TinyLlama 1.1B Chat. Requires about 2.2 GB of disk space. Best for conversational agents, chatbots, and natural-sounding dialogue. Supports up to 15,000 characters.
DeepSeek R1 Distill 7B. Requires about 3.1 GB of disk space. Best for small-reasoning tasks and more complex analysis. Supports up to 15,000 characters.
Each model lists its disk space requirement, character capacity, and provider. Choose the one that matches your hardware and the complexity of analysis you need. Once selected, the model loads on your device and is ready for use.
Step 3: Add or Edit Your Context Data
The Context Data section shows the feedback data that the AI will analyze.
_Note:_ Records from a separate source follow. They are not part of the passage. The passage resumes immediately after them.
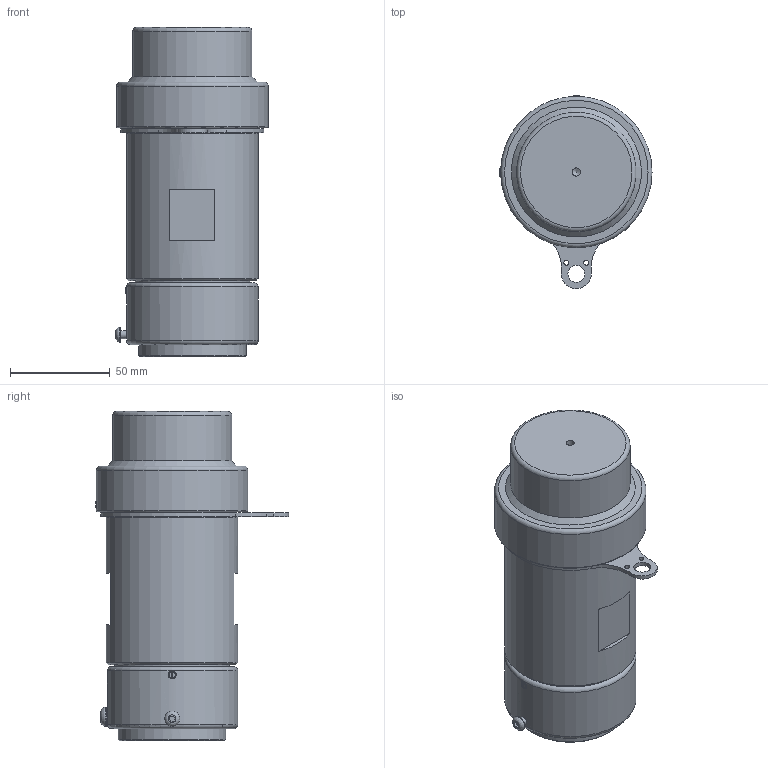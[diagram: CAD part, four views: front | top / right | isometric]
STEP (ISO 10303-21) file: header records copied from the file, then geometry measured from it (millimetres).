
FILE_DESCRIPTION(/* description */ (''),/* implementation_level */ '2;1');
FILE_NAME(/* name */ 'ControlEx Exd-50-S-CP.stp',/* time_stamp */ '2022-11-18T13:24:33+00:00',/* author */ ('areid2'),/* organization */ (''),/* preprocessor_version */ 'ST-DEVELOPER v18.1',/* originating_system */ 'Autodesk Inventor 2020',/* authorisation */ '');
FILE_SCHEMA (('AUTOMOTIVE_DESIGN { 1 0 10303 214 3 1 1 }'));
Length unit declared in the file: millimetre
Products named in the file (1): Part9
Bounding box: 76.35 x 97.08 x 165.16 mm (x, y, z)
Volume: 537298.7 mm3; surface area: 58481.6 mm2
Topology: 1 solids, 1 shells, 118 faces, 321 edges, 224 vertices
Faces by surface type: plane 55, cylinder 39, cone 15, torus 7, bspline 2
Full cylindrical faces by diameter (mm): 2.5 x2, 4 x4, 4.134 x1, 5 x1, 7.6 x1, 8.5 x1, 9.5 x1, 48.5 x1, 54 x1, 54.6 x1, 57.5 x1, 58.5 x1, 60 x1, 62 x1, 62.5 x1, 64 x1, 66 x1, 76 x1
Entity records: 4371 total; most frequent: CARTESIAN_POINT 1133, DIRECTION 662, ORIENTED_EDGE 636, EDGE_CURVE 318, AXIS2_PLACEMENT_3D 278, VERTEX_POINT 224, CIRCLE 157, EDGE_LOOP 152

Step 4: Ask Questions and Explore Insights
In the chat area, type your question in the input field. For example, you might ask "Which is the common category of issue reported on Zendesk?" or "What are the main pain points mentioned in the Dashboard feedback?" Press Enter or click the send button to submit your question.
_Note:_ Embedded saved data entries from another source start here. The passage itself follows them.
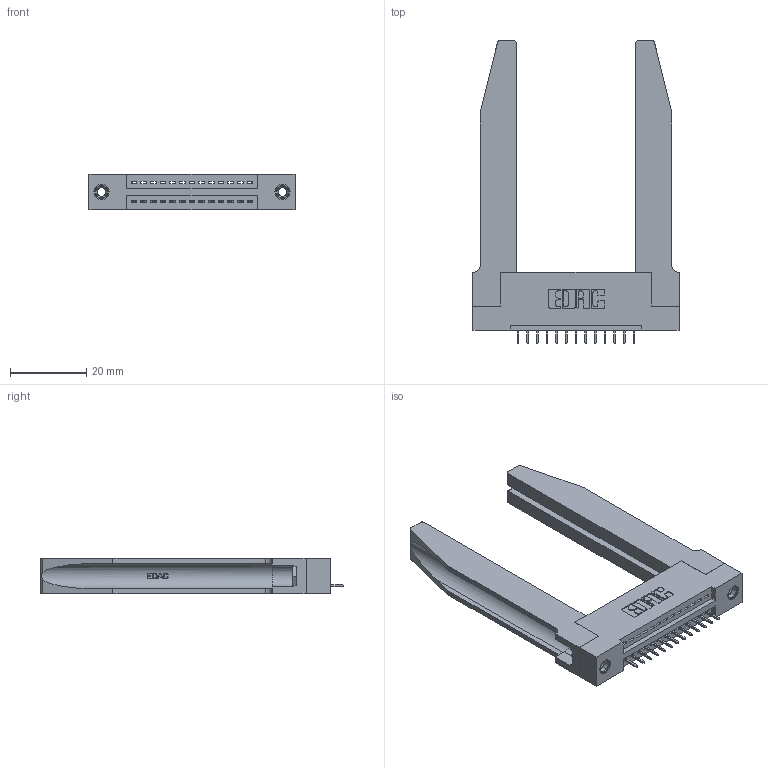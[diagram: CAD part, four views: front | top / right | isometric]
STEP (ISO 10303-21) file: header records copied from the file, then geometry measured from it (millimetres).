
FILE_DESCRIPTION (( 'STEP AP203' ), '1' );
FILE_NAME ('395-013-525-178.STEP', '2020-09-23T07:44:57', ( '' ), ( '' ), 'SwSTEP 2.0', 'SolidWorks 2020', '' );
FILE_SCHEMA (( 'CONFIG_CONTROL_DESIGN' ));
Length unit declared in the file: inch
Products named in the file (5): 395-013-525-178; 345 Part_Flush Mounting Lugs - 0.156 Dia-TH; 345-292-001_345-293-125; 345-220-078_345-220-078; 345-250-001_345-250-001-102
Assembly tree (18 placements, depth 2):
  395-013-525-178
    345 Part_Flush Mounting Lugs - 0.156 Dia-TH
    345-292-001_345-293-125  x13
    345-250-001_345-250-001-102  x2
    345-220-078_345-220-078  x2
Bounding box: 54.25 x 79.68 x 9.4 mm (x, y, z)
Volume: 12633 mm3; surface area: 12736.3 mm2
Topology: 18 solids, 18 shells, 1166 faces, 3289 edges, 2130 vertices
Faces by surface type: plane 820, cylinder 294, bspline 36, cone 12, torus 4
Entity records: 18502 total; most frequent: CARTESIAN_POINT 4102, ORIENTED_EDGE 2946, DIRECTION 2633, EDGE_CURVE 1473, VECTOR 1199, LINE 1199, VERTEX_POINT 972, AXIS2_PLACEMENT_3D 717

The AI reads your context data, understands the structure, and responds with an analysis. It might identify that bug reports are the most common category, list which feedback entries support that finding, and explain its reasoning. You can ask follow-up questions to drill down—for example, "Which feature areas have the most bug reports?" or "Summarize the feedback for the Login feature."
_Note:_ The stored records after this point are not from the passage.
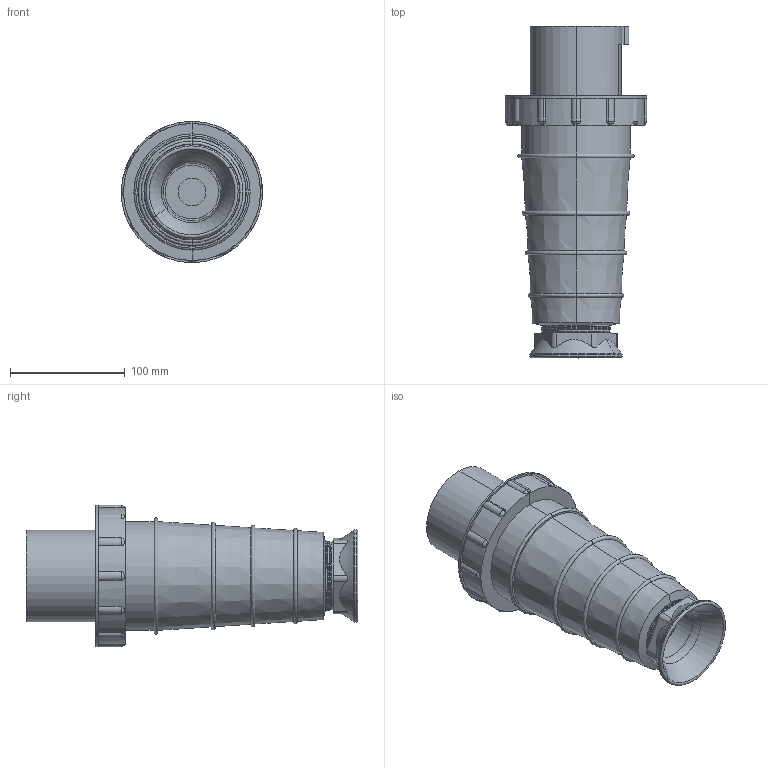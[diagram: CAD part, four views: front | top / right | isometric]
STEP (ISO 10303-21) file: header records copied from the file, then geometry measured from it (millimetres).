
FILE_DESCRIPTION (( 'STEP AP214' ), '1' );
FILE_NAME ('ps-045-125-380.ÃÌ Âèëêà ïåðåíîñíàÿ 045 3Ð+ÐÅ+N 125À 380Â IP67 EKF.STEP', '2025-11-18T07:44:13', ( '' ), ( '' ), 'SwSTEP 2.0', 'SolidWorks 2021', '' );
FILE_SCHEMA (( 'AUTOMOTIVE_DESIGN' ));
Length unit declared in the file: millimetre
Products named in the file (1): ps-045-125-380.ÃÌ Âèëêà ïåðåíîñíàÿ 045 3Ð+ÐÅ+N 125À 380Â IP67 EKF
Bounding box: 123.2 x 289.2 x 123.2 mm (x, y, z)
Volume: 1267747.6 mm3; surface area: 189262.9 mm2
Topology: 6 solids, 6 shells, 243 faces, 582 edges, 365 vertices
Faces by surface type: cylinder 110, plane 66, torus 48, cone 14, bspline 3, sphere 2
Entity records: 12405 total; most frequent: CARTESIAN_POINT 3964, DIRECTION 1274, ORIENTED_EDGE 1156, EDGE_CURVE 578, AXIS2_PLACEMENT_3D 536, VERTEX_POINT 363, CIRCLE 295, EDGE_LOOP 269

A token counter (for example, "Tokens left: 7,600 (1,616/9,216)") shows how much of the model's context window you have used. If you want to start fresh, click New Chat to begin a new conversation. The AI can make mistakes, so always double-check important findings before acting on them.
Step 5: Iterate and Refine
Use the conversational interface to explore your feedback from different angles. Ask about trends, categories, severity, platform-specific issues, or any other dimension that matters to you. The more specific your questions, the more useful the answers. You can also go back to Edit Data for analysis to add more feedback or adjust the dataset, then continue the conversation with the updated context.
Example Use Cases
Analyze support ticket themes. If you export support tickets (for example, from Zendesk) into a structured format, you can load them into Private Insights and ask which categories of issues are most common, which features generate the most complaints, or what patterns appear across different user types. All of this happens locally, so sensitive ticket content never leaves your device.
Explore internal feedback confidentially. When your team collects internal feedback on a new feature or product direction, you can analyze it with Private Insights without sending that feedback to any external service. Ask about sentiment, recurring themes, or suggestions that appear most often, and use the answers to inform product decisions.
Quick ad-hoc analysis during planning. When preparing for a sprint review or product meeting, load your latest feedback export, choose an LLM, and ask targeted questions. Get a summary of what users are saying about a specific feature, identify the top issues, or compare feedback across platforms—all in a few minutes, with full privacy.